Frequently Asked Questions (FAQ)
Click questions below to see the answer
Q0 - How to lose weight?
Ans - To lose weight, you can get started with my free plans or paid plans.
In Paid Plans - you can work directly with Deepti and her team (medical dieticians) for your weight loss journey and goals. You can find the link here - Paid Plans
In Free plans - you can find 2 options based on your fitness level and needs.
The free plans include free 1-week diet plan as well. Please follow the plans along with my healthy diet to get better results and ensure you are eating correctly for supporting workouts. Please note : Eating too less or extreme can affect your results.
Plan 1 : Suitable for people who
- Are new to fitness
- Want to lose more than 10kgs of weight
- Want to lose lot of fat from the body
Plan 2 : Suitable for people who
- Have some background in fitness
- Want to lose less than 10kgs of weight
- Have reduced weight and looking to tone the body (upper body/legs/belly)
Click Here - Free Plans
Q1 - How much weight can i lose in a month?
Ans - For healthy weight loss, it is advisable to lose only 0.5 - 1kg of weight per week. So you can easily lose 3-5 kgs in a month in a healthy way. Weight loss is specific to each individual, so some people lose weight faster than others. So don't worry - just stay consistent and results will come.
If you are losing inches and no weight - dont worry - its working ! Eventually you will lose weight too
Q2 - How many Days/Time - should i do the workout?
Ans - Our daily recommended activity requirement is at least 30mins of workouts 5-6 days a week. This adds up to at least 150mins of workout every week. Rest days are equally important for weight loss to help body recover fully. Once your stamina goes up, for better results you can do 45-60mins daily workouts 5-6 days a week.
e.g. Monday to Saturday for 30-60mins daily and treat Sunday as rest day !
Morning and Evenings are both fine and give similar results. Workouts can be done 1.5-2 hours after meals
e.g. morning breakfast at 8.30am ...and workout at 10am OR Evening tea/snacks at 4.30 pm ...and workout at 6pm
Avoid workouts on empty stomach, always eat some soaked nuts/dates/apple/banana 15-30mins before workout
Avoid late nights because it increase adrenaline in the body and might interfere with your sleep :)
Q3 - Do I need to change my diet?
Ans - We do not need to diet for weight loss. I would recommend avoiding any extreme diets
For diet, follow some basic guidelines
Eat healthy home cooked meals (these are free of additives, preservatives, excess sugars)
Add more vegetables and fruits to your diet (help with healthy carbs, fiber and nutrients)
Eat more regional and seasonal food (helps us eat fresh and boost immunity)
Eat at the right times especially early dinner (rough guideline - 8.30am breakfast, 12.30 lunch and 7.30pm dinner)
Don't starve .. eat mid meals as required (fruits are best on empty stomach)
Healthy Diet Plan Video
Q4 - Are workouts and diet enough to lose weight?
Ans - Workouts provide you with your daily dose of activity.
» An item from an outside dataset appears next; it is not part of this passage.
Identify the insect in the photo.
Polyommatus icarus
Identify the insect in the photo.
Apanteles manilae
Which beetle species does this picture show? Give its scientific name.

There are few other simple things that you can focus on to get best results
Diet - Answer in Q3
Sleep - Sleep and wake up at the right time every day. Ideally 7-8 hours every day (between 11pm-7am)
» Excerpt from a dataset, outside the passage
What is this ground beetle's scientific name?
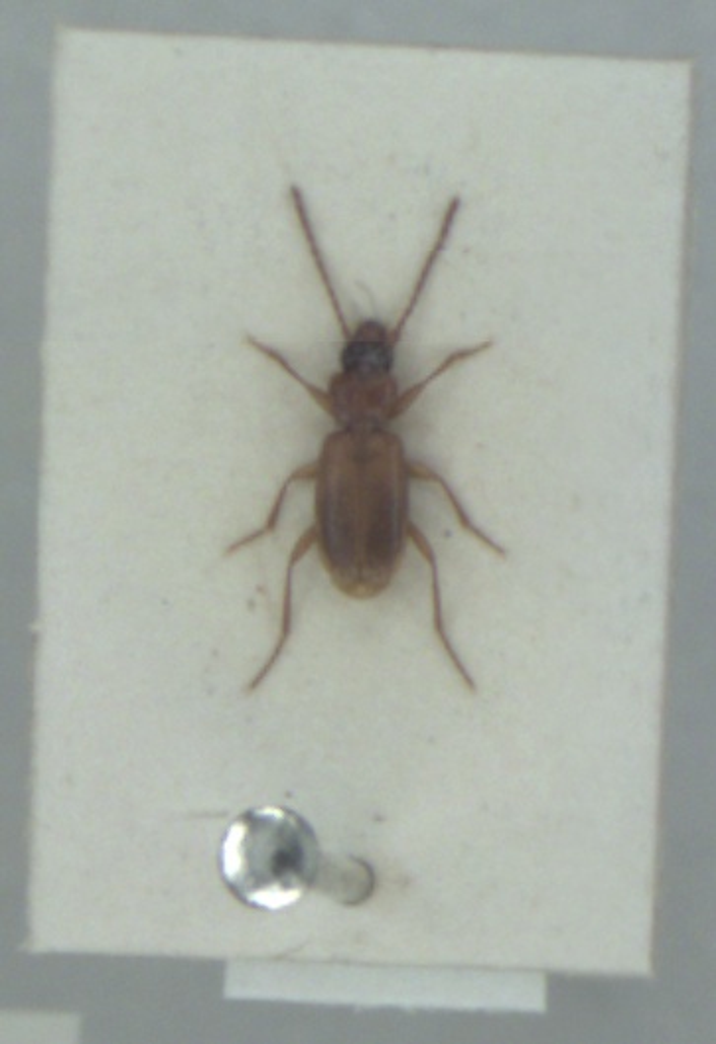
Trechoblemus micros
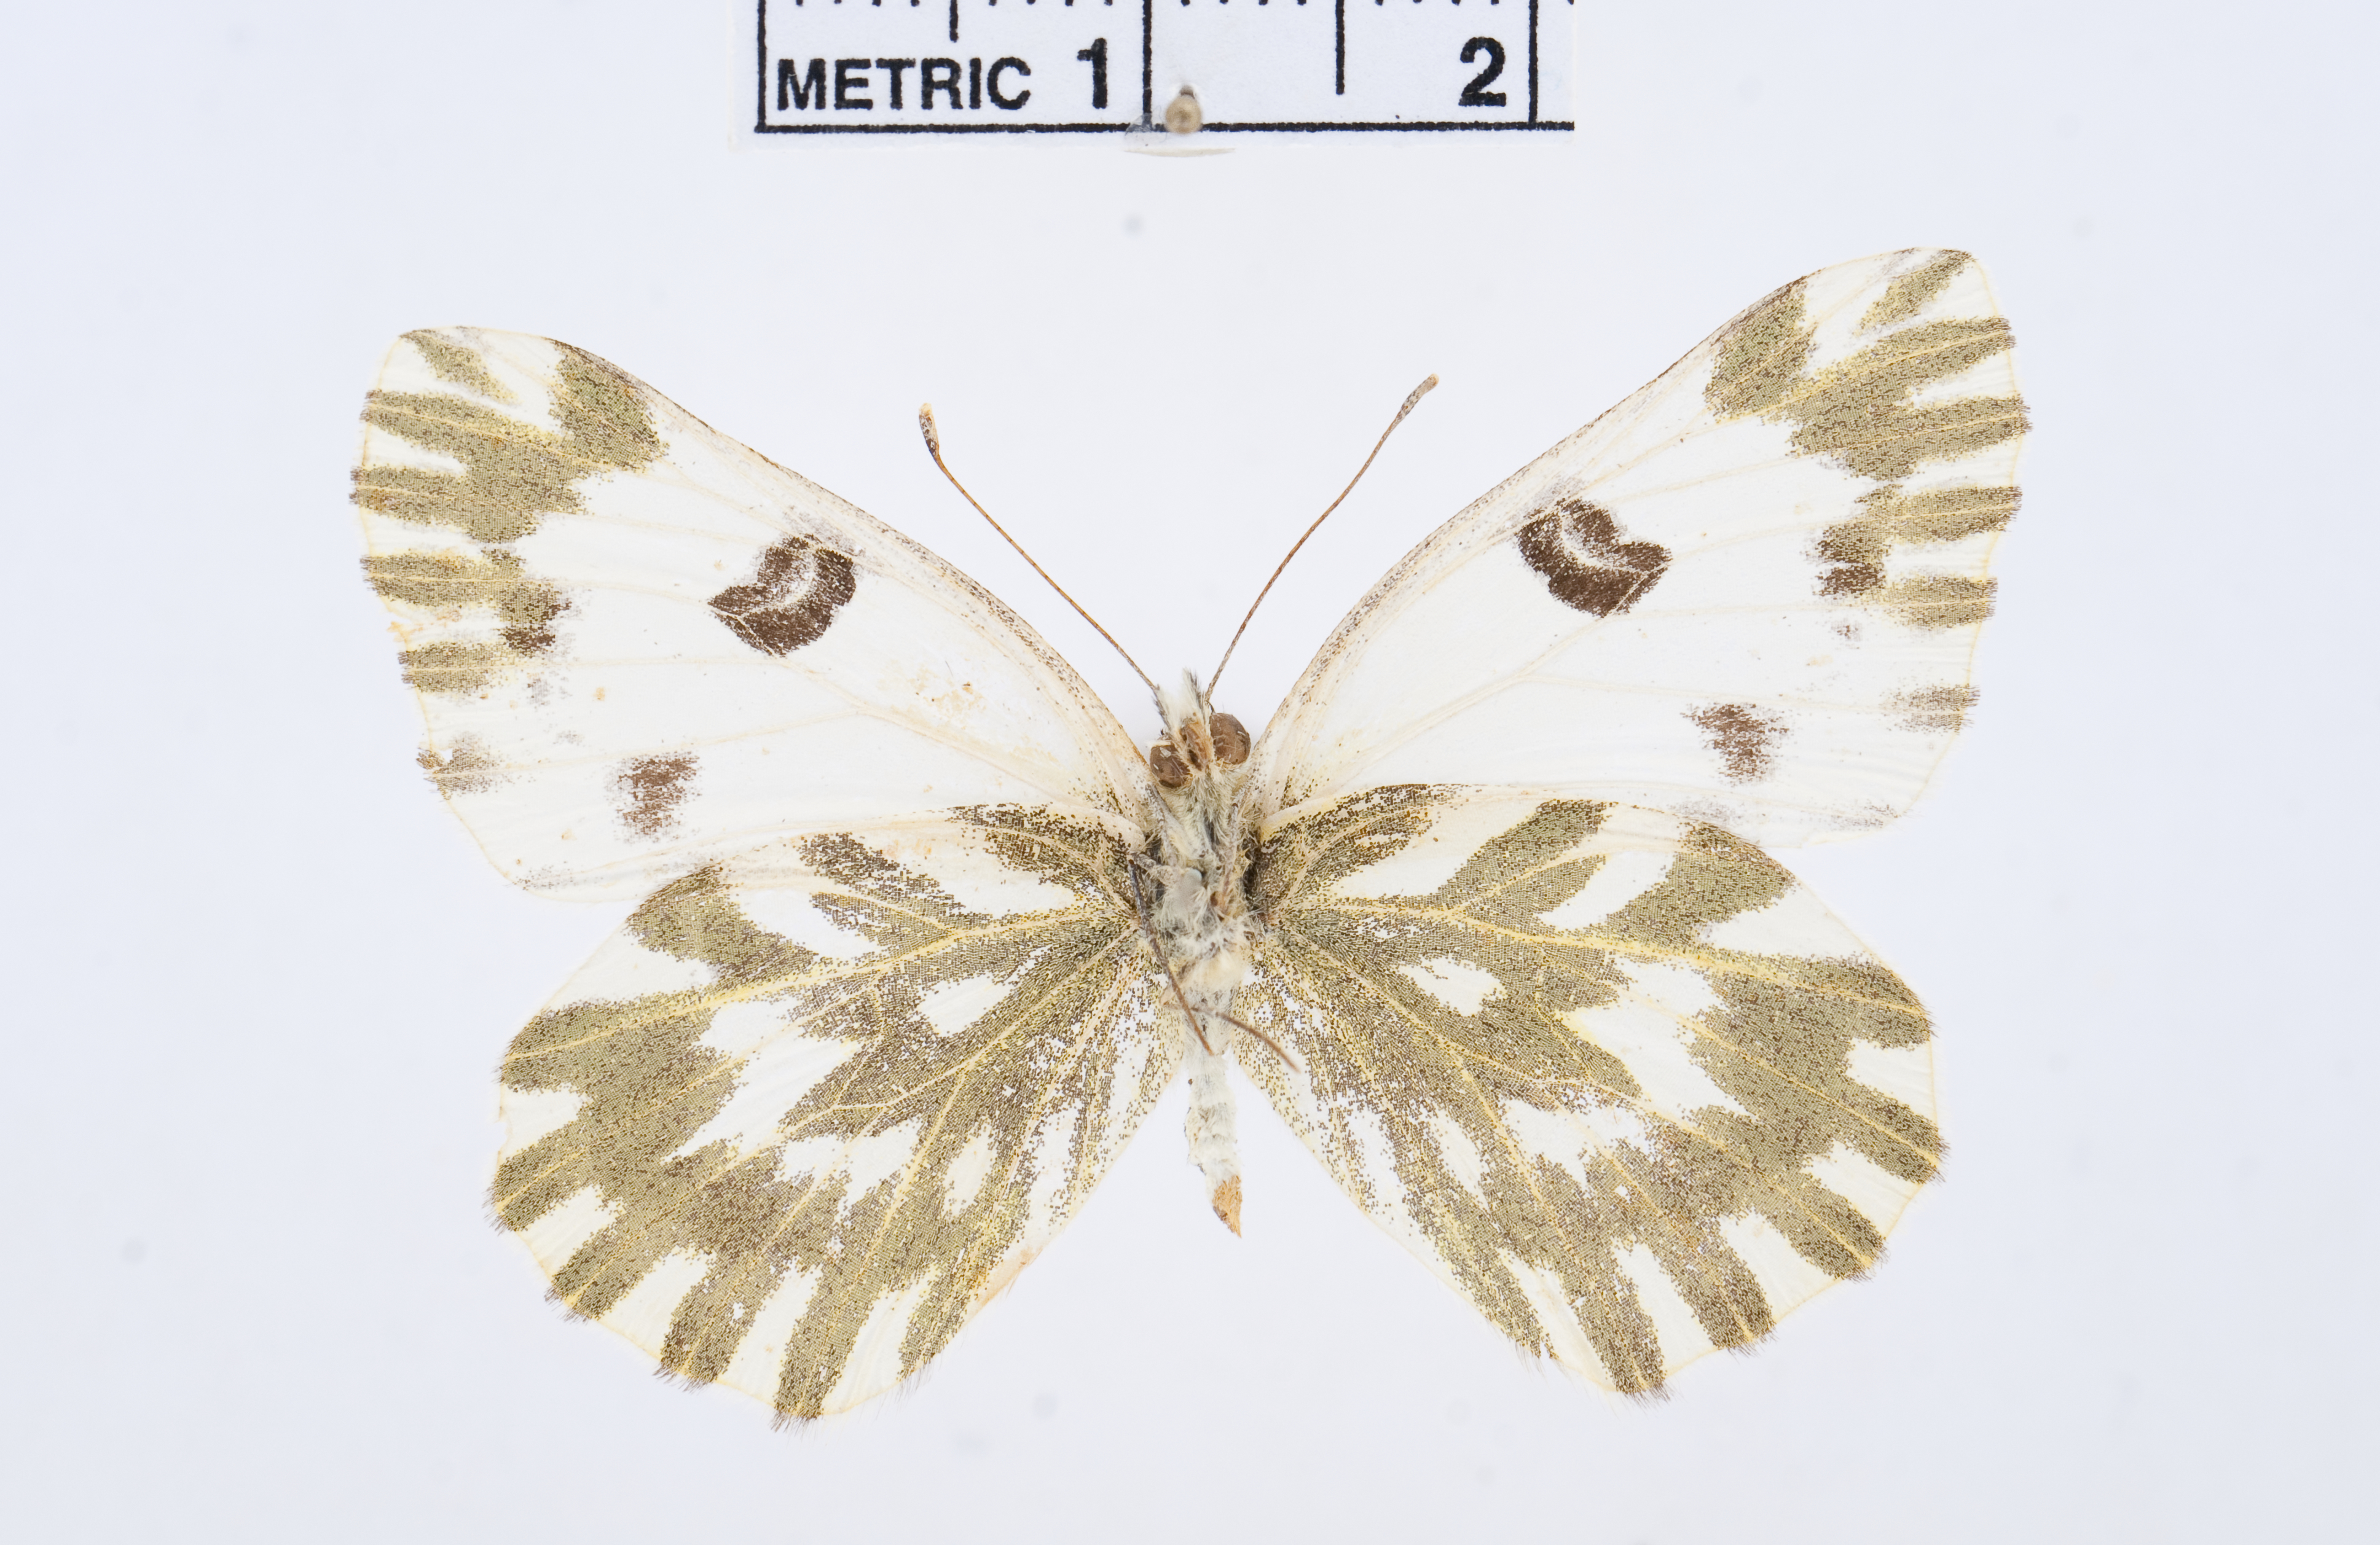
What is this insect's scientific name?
Pontia chloridice

Stress - Stay happy and stress free to avoid fat build up in the body
It all adds up for good weight loss !
Q5 - Do dance workouts work for PCOS?
Ans - Like several other conditions, PCOS also requires a good amount of regular body exercise and healthy active lifestyle. My dance workouts focus on cardio plus strength training and both are helpful for PCOS.
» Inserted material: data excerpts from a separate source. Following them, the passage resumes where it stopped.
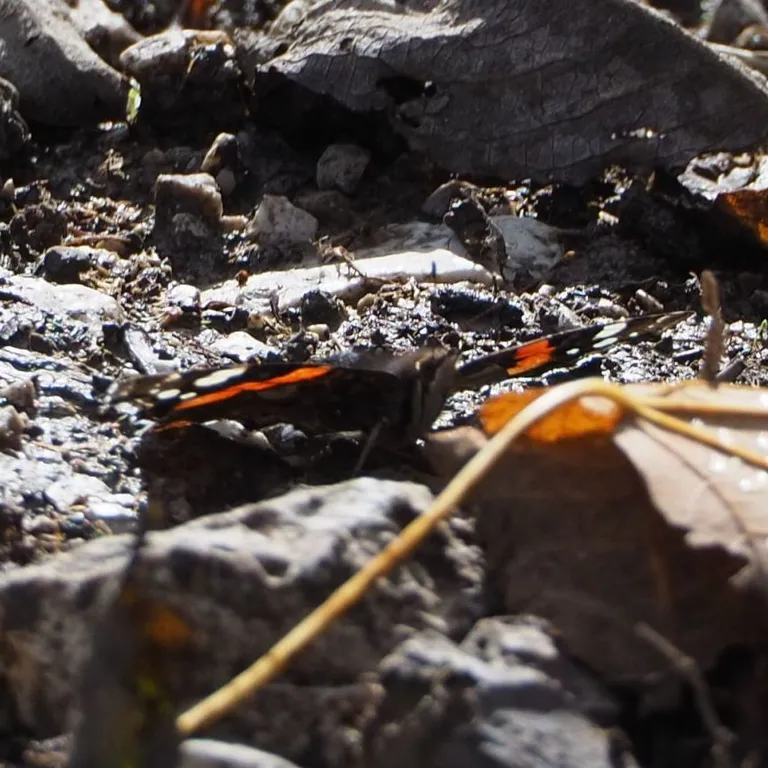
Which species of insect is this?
Vanessa atalanta
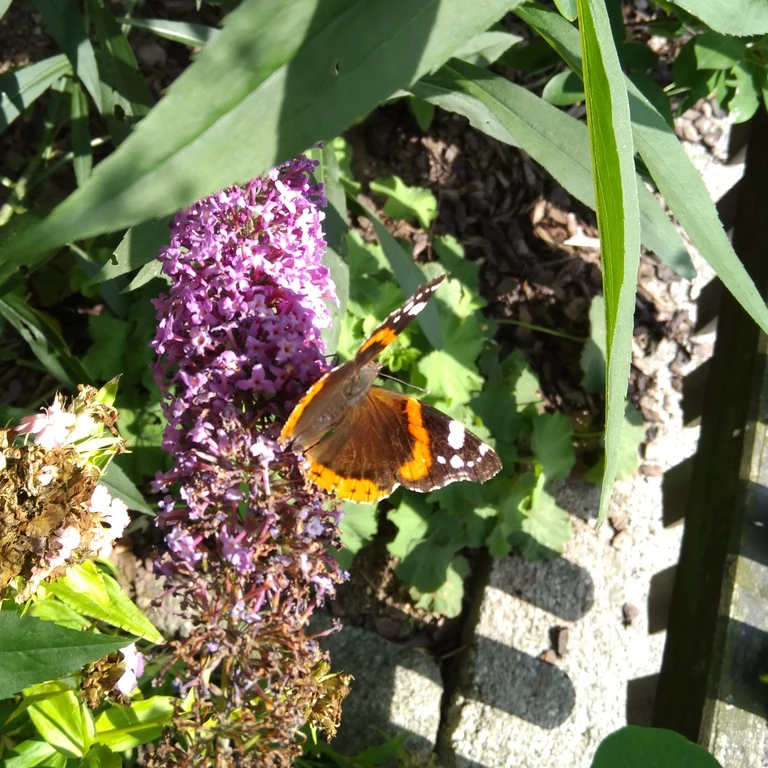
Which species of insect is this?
Vanessa atalanta
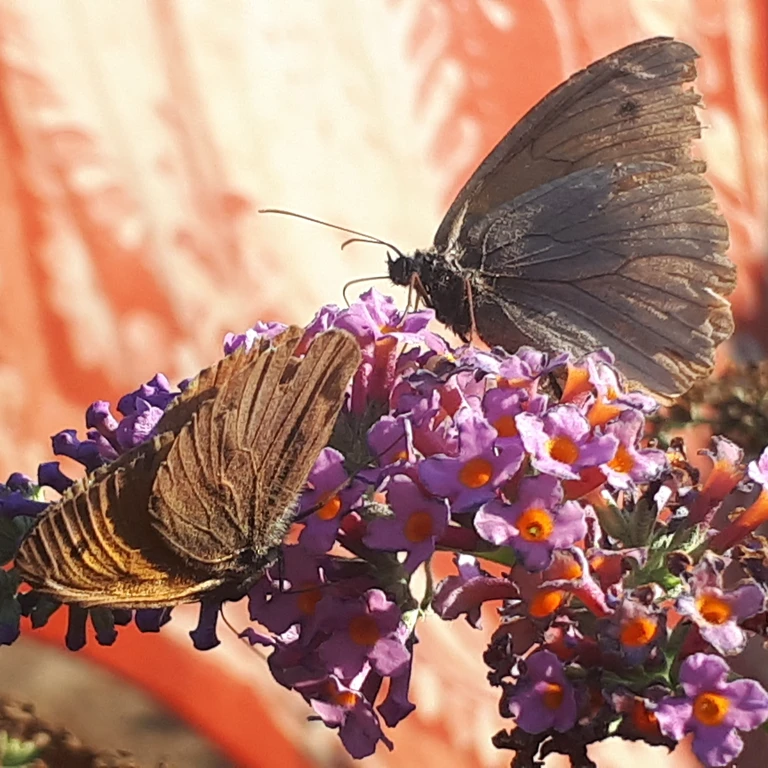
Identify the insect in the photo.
Maniola jurtina
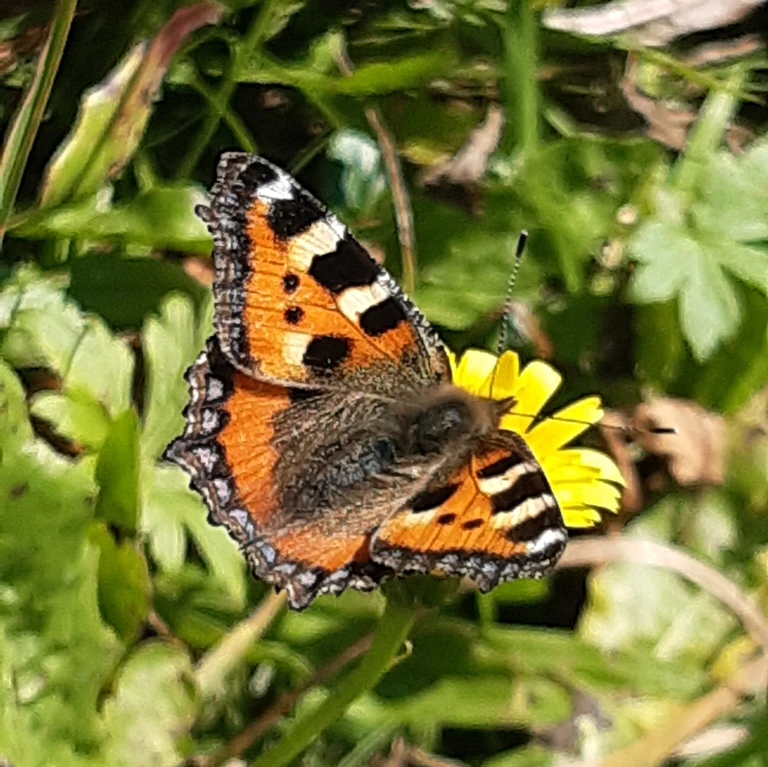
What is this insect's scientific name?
Aglais urticae

For diet, follow some basic guidelines
Switch to lean meats
Avoid Soy / Milk (switch to non dairy if required)
Eat more whole foods - lentils, whole wheat
Add lot of bright coloured fruits/vegetables into your diet
Q6 - Do I need to complete the whole workout at a stretch ...what if i get tired?
Ans - Congrats on getting started .. thats always the hardest part !
You don't have to complete the whole workout at once. Take it easy.. do as much as you can.. take a breath, sip some water and continue if you can. It takes a training period of around 2 weeks to get used to the workouts and then you will be surprised on how your stamina increases :)
Q7 - I am overweight... does this mean i need to do more high intensity workouts to lose weight?
Ans - No
Whether you are overweight or not, the decision to choose the intensity level depends on your fitness level.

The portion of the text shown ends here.